Otuz yaşlarındaki, hafif kamburu çıkmış kadın, prangalarından kurtulduğu için sözcüklerle anlatılamayacak kadar mutluydu. Göz pınarlarından bir damla mutluluk gözyaşı elmacık kemikleri çıkık yanağına düştü. Neşeyle elindeki süpürge ile spor salonunu süpürmeye başladı. Vakit öğlene doğruydu. Devasa salonda iki genç kız, ve orta yaşlı bir adam spor yapıyorlardı. Henüz otuzunda olmasına rağmen, çektiği dayanılmaz ıstıraplardan dolayı saçları beyaza dönen kadın, özgür olmanın kendine verdiği anlatılmaz hayat enerjisiyle bütün spor aletlerinin her köşesini hakkını vererek süpürüyordu. Arada aklına çektikleri geliyordu. Geliyordu gelmesine lakin artık bir işi vardı. Devlet de kendisine ve dünya tatlısı kızına bir ev vermişti. Bir işi ve başlarını sokacakları bir evi vardı. En güzeli de artık aşağılanmayacaktı. Her insan gibi onuruyla yaşayacaktı. Spor Hocaları da durumdan haberdarlardı. Spor salonu sahibi gibi, onlar da hayata tutunmaya çalışan kadına sevgiyle destek oluyorlardı. Bu da kadının kendisini daha güçlü hissetmesini sağlıyordu. Her şeye rağmen kadının üzerinde bir tedirginlik vardı. Spor yapan insanların yanından geçerken onlara ürkek bakışlarla bakıyordu.

Salon sahibi kısa boylu adam, biri erkek biri kadın olan iki spor hocasına ve çalışanlarına öğlene doğru yemek ısmarladı. Kadın, temizlik yaparken hayli yorulmuştu.
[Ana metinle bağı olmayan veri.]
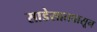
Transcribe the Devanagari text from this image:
साडेसातपासून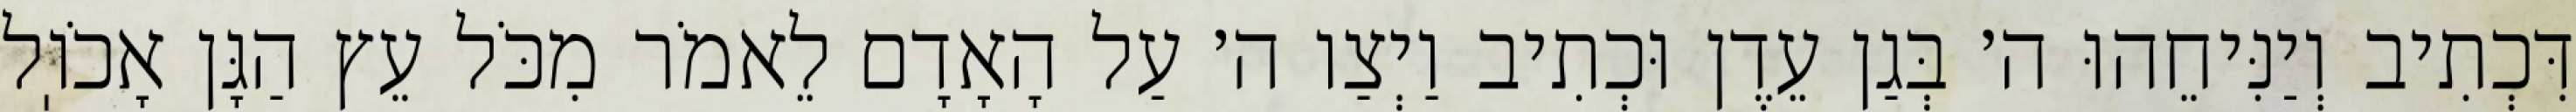
דִּכְתִיב וְיַנִּיחֵהוּ ה׳ בְּגַן עֵדֶן וּכְתִיב וַיְצַו ה׳ עַל הָאָדָם לֵאמֹר מִכֹּל עֵץ הַגָּן אָכֹוֽל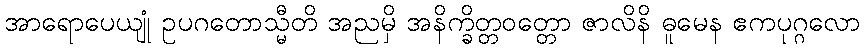
အာရောပေယျုံ ဥပဂတောသ္မီတိ အညမှိ အနိက္ခိတ္တဝတ္တော ဇာလိနိ ဓူမေန ဧကပုဂ္ဂလော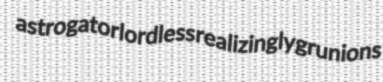
astrogator lordless realizingly grunions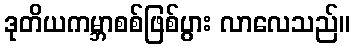
ဒုတိယကမ္ဘာစစ်ဖြစ်ပွား လာလေသည်။
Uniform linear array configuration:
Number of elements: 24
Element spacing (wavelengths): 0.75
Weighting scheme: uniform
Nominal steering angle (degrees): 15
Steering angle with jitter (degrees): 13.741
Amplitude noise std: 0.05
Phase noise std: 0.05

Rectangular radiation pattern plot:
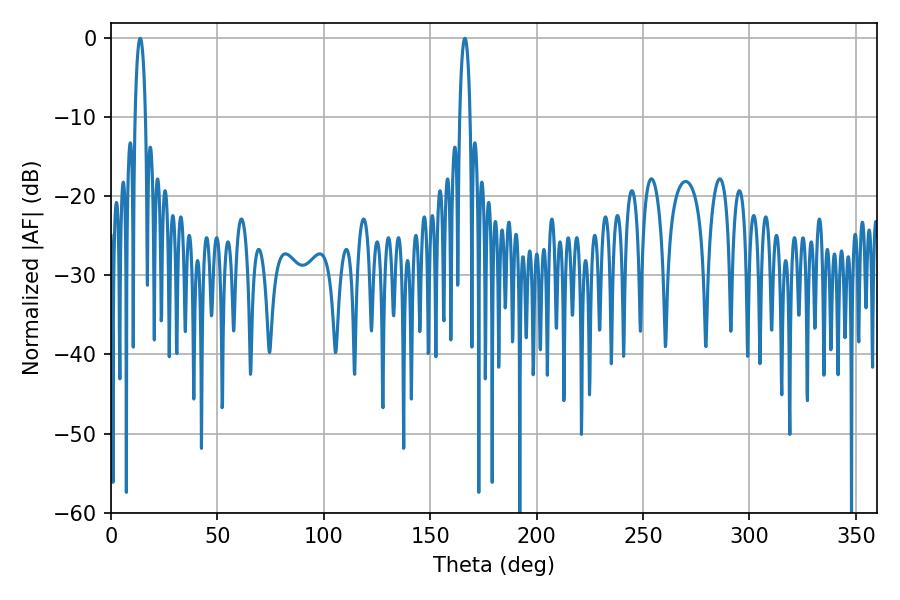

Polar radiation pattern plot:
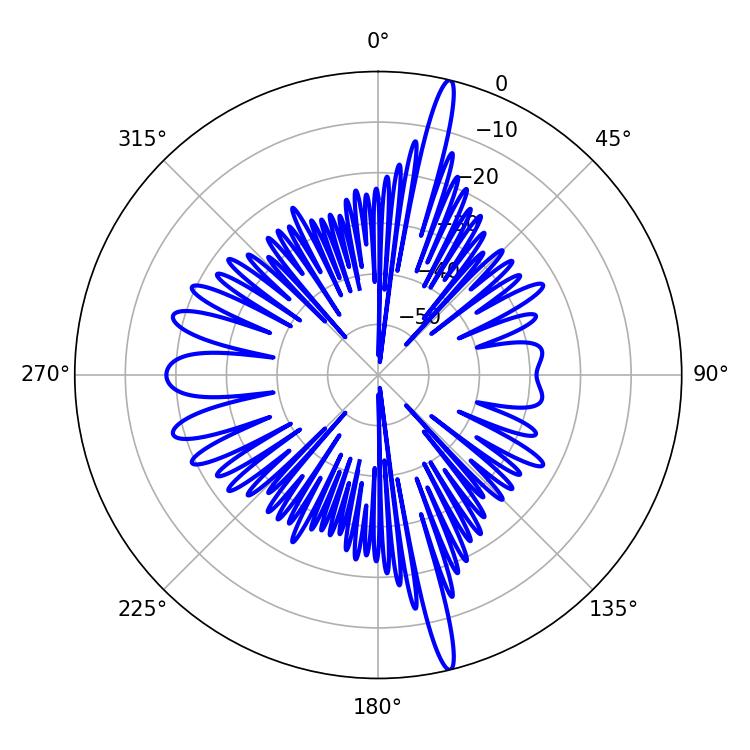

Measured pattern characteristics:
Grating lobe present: TRUE
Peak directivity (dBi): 20.003
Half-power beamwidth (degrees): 2.7
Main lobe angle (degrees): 13.68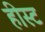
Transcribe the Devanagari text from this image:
हीस्ट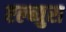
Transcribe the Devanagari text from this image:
एल्ब्युरा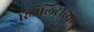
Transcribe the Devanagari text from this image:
रिॲलिटीच्या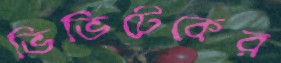
ভিভিটেকের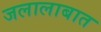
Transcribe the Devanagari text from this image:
जलालाबात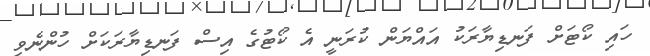
ހައި ކޯޓަށް ފަނޑިޔާރަކު އައްޔަން ކުރަނީ އެ ކޯޓުގެ އިސް ފަނޑިޔާރަކަށް ހުންނެވި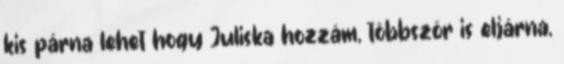
kis párna lehet hogy Juliska hozzám, többször is eljárna,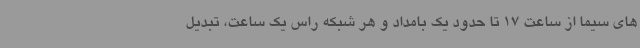
های سیما از ساعت 17 تا حدود یک بامداد و هر شبکه راس یک ساعت، تبدیل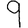
Digit: 9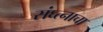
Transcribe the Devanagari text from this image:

Acıkmıştı da. Yemeğini bir çırpıda midesine indirdi. Hepsi, acımayla karışık sevgi dolu bakışlarıyla, fark ettirmeden kadına bakıyorlardı. Kadının sağ gözünün altında büyük bir jilet yarası vardı. Salon sahibinin yüzüne anlatılmaz bir keder yerleşti. Kadının çekmiş olduğu dayanılmaz acıları gözünün önüne getirmiş olmalıydı. O esnada kadınla göz göze geldi. Telaşla gözlerini kadının gözlerinden uzaklaştırdı. Kadın spor hocası hem cinsinin utanmaması için birbiri altına espriler yaptı. Hepsini gülmekten kırdı geçirdi. Bakışların üzerinden çekilmesiyle rahatlayan kadın da güldü. Çok güldü. O an aklına, çocukluk yılları geldi. Babası da, tıpkı bu kadın spor hocası gibi çok komikti. Annesini, kendisini ve kardeşlerini karınlarını çatlatacak kadar güldürürdü. Gerillalar, çeltik tarlalarında pirinç toplarken babasını katledinceye kadar hep gülmüştü. O günden sonra ise hiç gülmemiş, hep ağlamıştı. İnsan kaçakçıları annesini, kendisini ve kardeşlerini başka insanlara satmıştı..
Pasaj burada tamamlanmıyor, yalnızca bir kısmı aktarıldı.